Who Benefits from the Customs Union?

Jan 13, 2014
By

Translated by Nic Wondra

On November 2, 2013, President of Russia Vladimir Putin met with President of Kazakhstan Nursultan Nazarbayev in Yekaterinburg at the tenth annual Forum on Interregional Cooperation. In the presence of journalists, they disputed, with unexpected severity, which country had supplied more goods and invested more within the framework of the Customs Union. This public dispute was a continuation of what started at the October 5 discussion in Minsk. At the trilateral meeting there, Nursultan Nazarbayev spoke harshly about the problems between Russia and Kazakhstan in the Customs Union. The Kazakh president made it clear that while Russia had started deriving tangible benefits from the Customs Union, Kazakhstan was suffering losses. In November, Putin responded by saying, “Russian supplies to Kazakhstan grow slower than the Kazakh ones to Russia...” He failed to finish however, being dramatically interrupted by Nazarbayev, “Our information testifies to the contrary!”

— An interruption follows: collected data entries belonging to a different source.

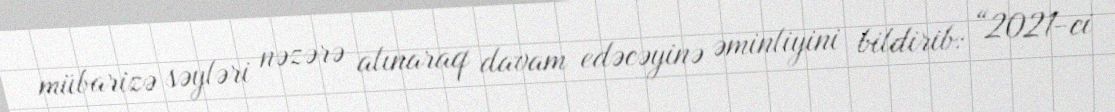
mübarizə səyləri nəzərə alınaraq davam edəcəyinə əminliyini bildirib: “2021-ci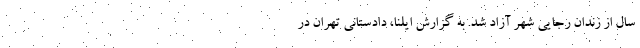
سال از زندان رجایی شهر آزاد شد. به گزارش ایلنا، دادستانی تهران در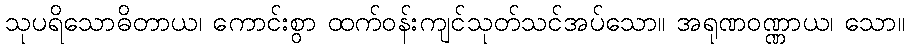
သုပရိသောဓိတာယ၊ ကောင်းစွာ ထက်ဝန်းကျင်သုတ်သင်အပ်သော။ အရုဏဝဏ္ဏာယ၊ သော။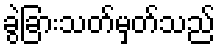
ခွဲခြားသတ်မှတ်သည်

The next day, at the beginning of the meeting, Nursultan Nazarbayev looked as if he had lost his appetite for life. It was clear that negotiations had gone on behind closed doors. Under pressure, Kazakhstan signed the agreement (although it was only the “preliminary” version) "Of oil transportation through the territory of Kazakhstan and transit warranties." As a result, Russian oil will be transported through Kazakhstan to China via the Atasu-Alashankou oil pipeline, capable of seven million metric tons. The Russian party appeared the winner, and Nazarbayev looked like a dignified loser and a soviet-style politician.  After negotiations, he made a rather optimistic statement for the press noting that exactly such countries as Russia and Kazakhstan should be world leaders in the third millennium. “And the Eurasian Union will have the highest level of integration in the territory of the soviet...i.e. post-soviet states,” added Nazarbayev. His slip was probably not accidental. But, having returned home, Nazarbayev tried to regain ground lost in Yekaterinburg. Already by November 13, 2013, the Kazakh press had published and widely disseminated statistics regarding the status and performance of the mutual trade and investments between Russia and Kazakhstan that contradicted Putin’s numbers.

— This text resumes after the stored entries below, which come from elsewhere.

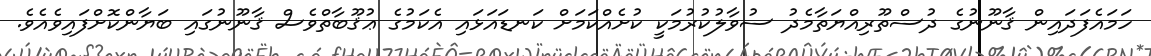
ހަމައެފަދައިން ޤާނޫނުގެ ދުސްތޫރިއްޔަތާމެދު ސުވާލުކުރުމަކީ ކުށެއްކަމަށް ކަނޑައަޅައި އެކަމުގެ ޢުޤޫބާތްވެސް ޤާނޫނުގައި ބަޔާންކޮށްފައިވެއެވެ.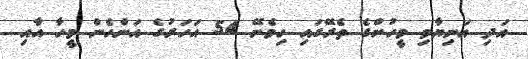
އަދި އަނިޔާވި މީހުންގެ ތެރޭގައި ހިމެނޭ 54 އަހަރުގެ އަންހެން މީހާ އާއި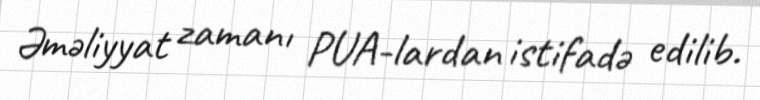
Əməliyyat zamanı PUA-lardan istifadə edilib.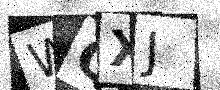
Text: WQXJ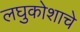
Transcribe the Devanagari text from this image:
लघुकोशाचे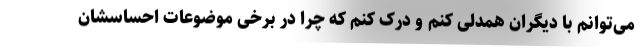
می‌توانم با دیگران همدلی کنم و درک کنم که چرا در برخی موضوعات احساسشان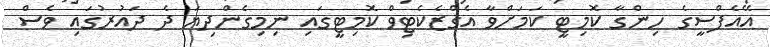
އޭއެފްސީގެ ހިންގާ ކޮމިޓީ ކަމަށްވާ އެގްޒެކެޓިވް ކޮމިޓީގައި ނިމިގެންދިޔަ ދެ ދައުރުގައި ވެސް

The analytical reports from the two agencies–the Statistics Agency and the National Bank of Kazakhstan–are structured as a direct rebuke to Putin. The latter said that “the Russian supplies to Kazakhstan grew slower than the Kazakh to Russia…” The data of the Statistics Agency of Kazakhstan suggest that export of goods from Kazakhstan to Russia in January-September 2013 has contracted year-over-year by 3.6% to $4.5 billion, and in absolute terms, by $166.3 million. At the same time, import of the Russian goods to Kazakhstan has increased by 4.5% to $12.7 billion, or by $545.6 million. As a result, the credit balance of the Kazakh trade with Russia for the first 9 months of 2013 was negative $8.2 billion against last year’s negative $7.4 billion.

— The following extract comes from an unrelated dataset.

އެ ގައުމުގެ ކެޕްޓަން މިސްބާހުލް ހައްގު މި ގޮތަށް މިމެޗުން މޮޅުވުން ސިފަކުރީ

Putin also said that he was actually surprised: the investments of Russia into the economy of Kazakhstan during the previous years had made up almost $1 billion”, whereas “the investments of Kazakhstan into the economy of Russia had made up $1.7 billion!” The data from the National Bank of Kazakhstan suggest that by the end of 2012 the Kazakh investments in Russia reached $8.1 billion, including direct investments of $551.2 million, portfolio investments of $272.6 million, other investments of $7.3 billion and reserve assets of  $37.9 million. Russia in turn has invested $5.9 billion in Kazakhstan, including direct investments of $1.9 billion, portfolio investments of $498.4 million and other investments of $3.5 billion.

The reason for such big discrepancies between the data used by the Russian President and the official data of the Kazakh statisticians and analysts of the National Bank is not yet known. It is important though, that the discussion remains very public, and that mutual trust between the two senior partners of the Customs Union appears to be at a new low.  

Russia’s Eurasian strategy has increased interest in Kazakhstan, whose authorities have engaged with Russia over transportation of oil to China through Kazakh territory. However, in the long run, the problems and tension in the relations between the two countries will increase.

In the Soviet Union, communist leaders wanted to forget the past (the words “renounce the old world” begin one communist anthem), but Russia's current leadership presents a future that is only a return to the past. The disintegration of the USSR has been called “one of the greatest geopolitical catastrophes,” a comment which seems to establish reunification as a future goal. But events constantly show the illusory nature of Russian leaders’ Eurasian dream. The Russia-based Customs Union has yet to attract more than three countries, and even in this narrow context, the organization is full of contradictions. Its two main members, Russia and Kazakhstan, are similar in their economic specialization (both are petro-states) and appear more competitive than complementary. In the broader Eurasian Union—the Shanghai Cooperation Organization—Russia plays the role of junior partner with China in the lead. After thoughtful reflection, a Eurasian future is hardly attractive to most Russians, especially since the concept has not been able to captivate either Ukraine or Russia’s other neighbors.